Toward a Creative At-One-Ment
In trying to understand what inspired the New Testament authors, David Bentley Hart explains that they believed that in the life, death, and resurrection of Jesus, "nothing [could] stay as it was. All terms of human community and conduct [had] been altered at the deepest levels." According to N.T. Wright, the first century Christians believed that Christ's bodily resurrection inaugurated a new creation on this earth. As Christians, then, our work is to advance that new creation in all facets of life, including politics. Properly understood, the best work of politics creates community, and the work of creating community is the work of at-one-ment. A Christian politics works towards at-one-ment among people separated by social constructs, and has a special regard for those on the margins of society—those who Jesus called "the least of these"—who were, in his view, his "brethren." We can and should have vigorous debates among ourselves about how best to achieve such at-one-ment. Some will favor more government involvement than others. Disputants will strike different balances between liberty and equality, but all will agree those are the values we call upon to pursue societal at-one-ment. And in carrying on the debate about how best to achieve this at-one-ment, we see that experience confirms what scripture commands is true: contempt for one another is corrosive and divisive and prevents at-one-ment. Our arguments with one another must always reflect the truth with which C.S. Lewis concluded his greatest sermon: “Next to the Blessed Sacrament itself, your neighbor is the holiest object presented to your senses.”
—Thomas Griffith, jurist
I Could Be Wrong
I took my first philosophy class during my junior year of college. Toward the beginning of the semester, the professor assigned a paper about one highly political topic. We were to research both sides of this topic and find out why each side believed the way they did. Wide-eyed and a bit shocked, having never considered any position besides my own, I dived in. By the end of writing that paper, I changed my major.
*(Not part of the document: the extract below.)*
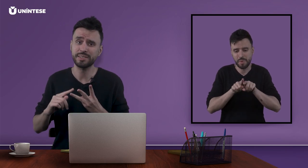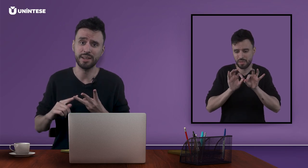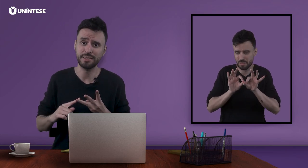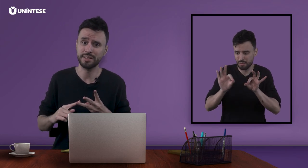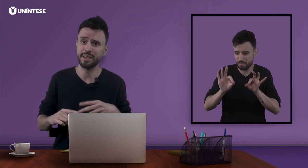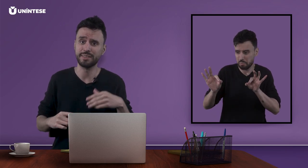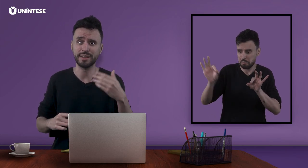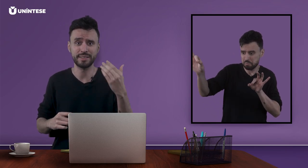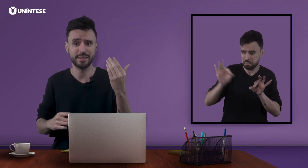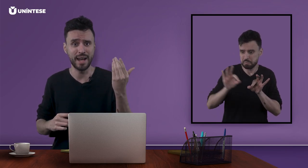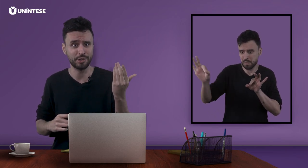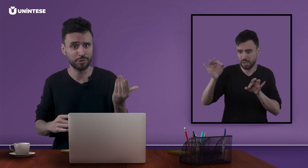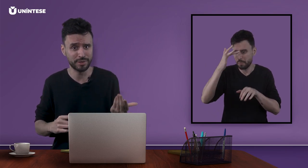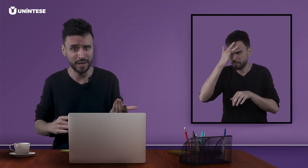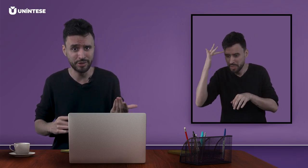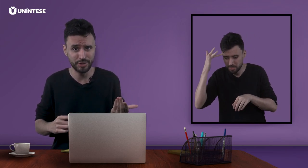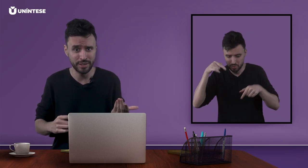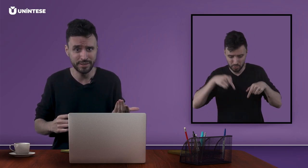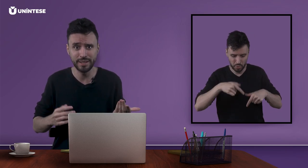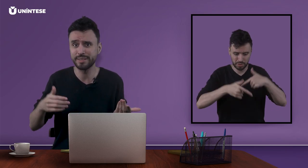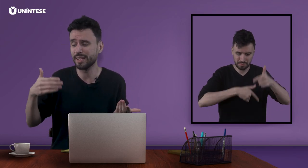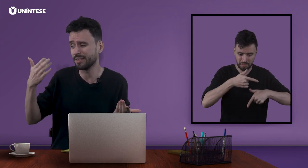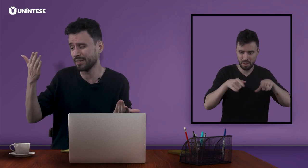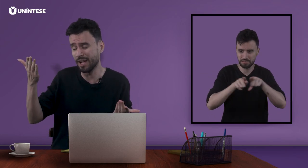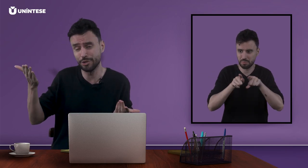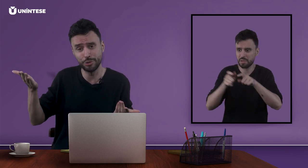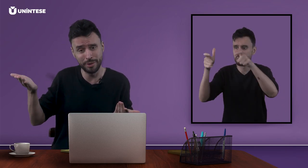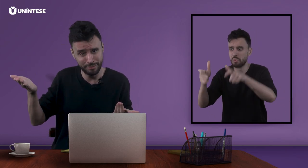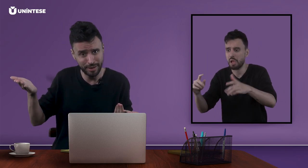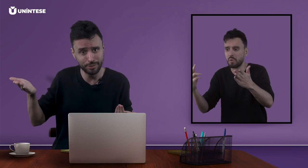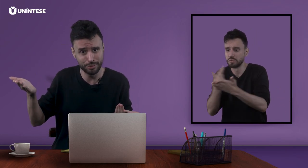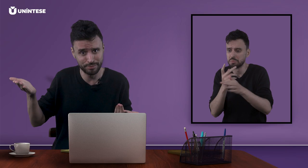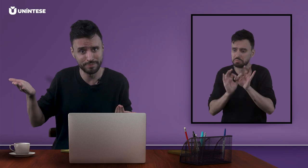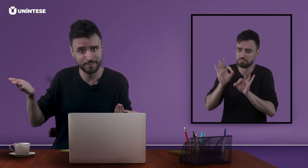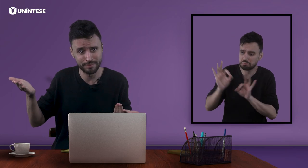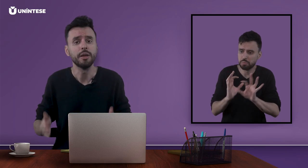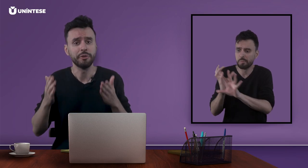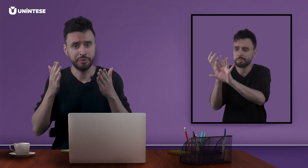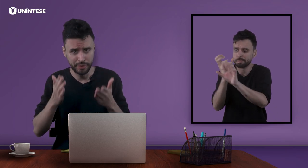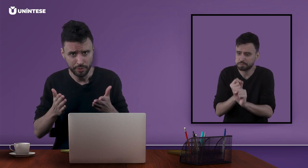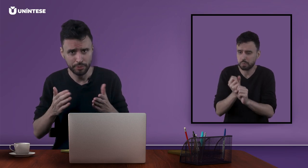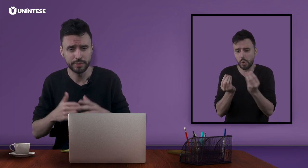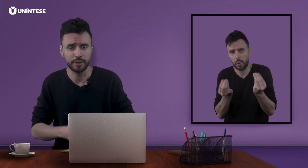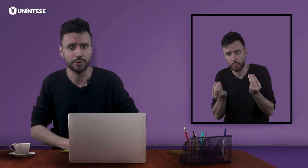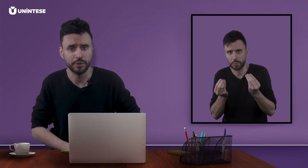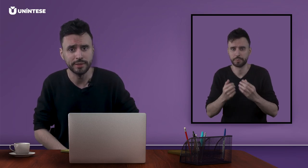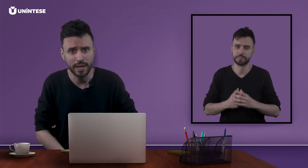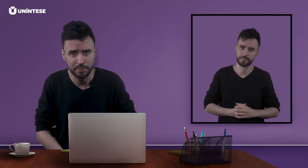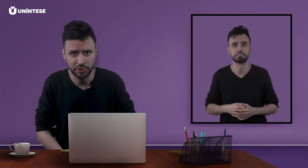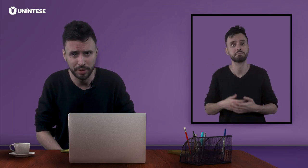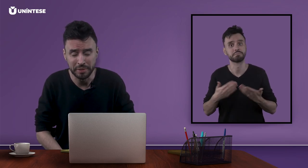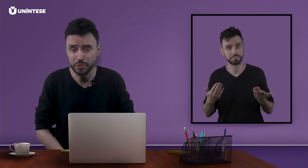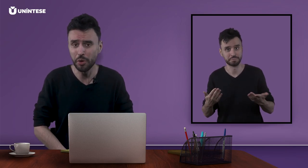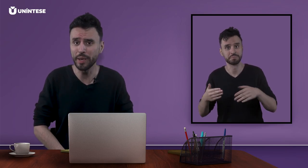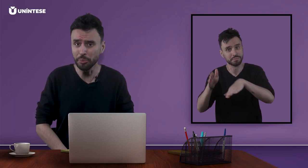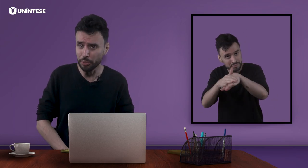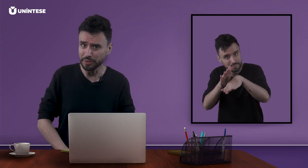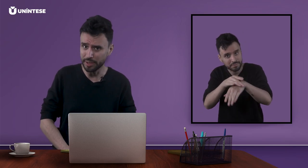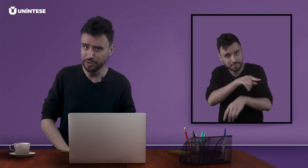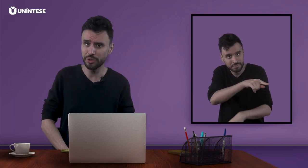distâncias entre a cidade dos artistas e a cidade do evento. Viu, tradutor e intérprete de livros, como é importante

In philosophy classes, I learned that to make any argument well, I must discover doubt about my side. This doesn’t mean just knowing the weaknesses in my argument—it means an honest humility that I could be wrong and why I could be wrong. Instead of seeking the opinions that agree with mine, I searched for opposing opinions. Once I found evidence that refuted my argument, I was forced to let go of certainty. Then the questions arrived and my eyes moved wider. I learned to allow for several interpretations of any argument, knowing that my first interpretation of what they said or wrote was probably wrong: it was far too easy to distort or oversimplify their argument. Did I take their words out of context or misrepresent their intention? Was I overgeneralizing their argument—or overgeneralizing mine? Philosophy is not for those who want to attack a person instead of ideas. Philosophy is a practice of observation that requires careful reading, sound thought, and sincere questions.
Twenty-three years later, I attempt to practice this in real life. Sometimes someone makes their argument so passionately, it may feel impossible to disagree; but I find my eyes narrow when I hear only one side. When I ask good questions, reading news and posts from varying and multiple sources, alternatives pop into view. When I talk to people outside my normal social circle, outside my neighborhood, my state, my country, I’m empowered with more information. Inevitably, I face the knowledge that no matter how much research I do, no matter how careful my judgments, there’s always more to learn. The strength and certainty behind my arguments all blow away once the dust of my correct opinions settle, and I face my often-warped reality—complete with all my inherent bias. When I can let go of my need to be right, when I ask questions instead of proclaiming conclusions, I gain the skill to assume I could be wrong, and then—I learn compassion.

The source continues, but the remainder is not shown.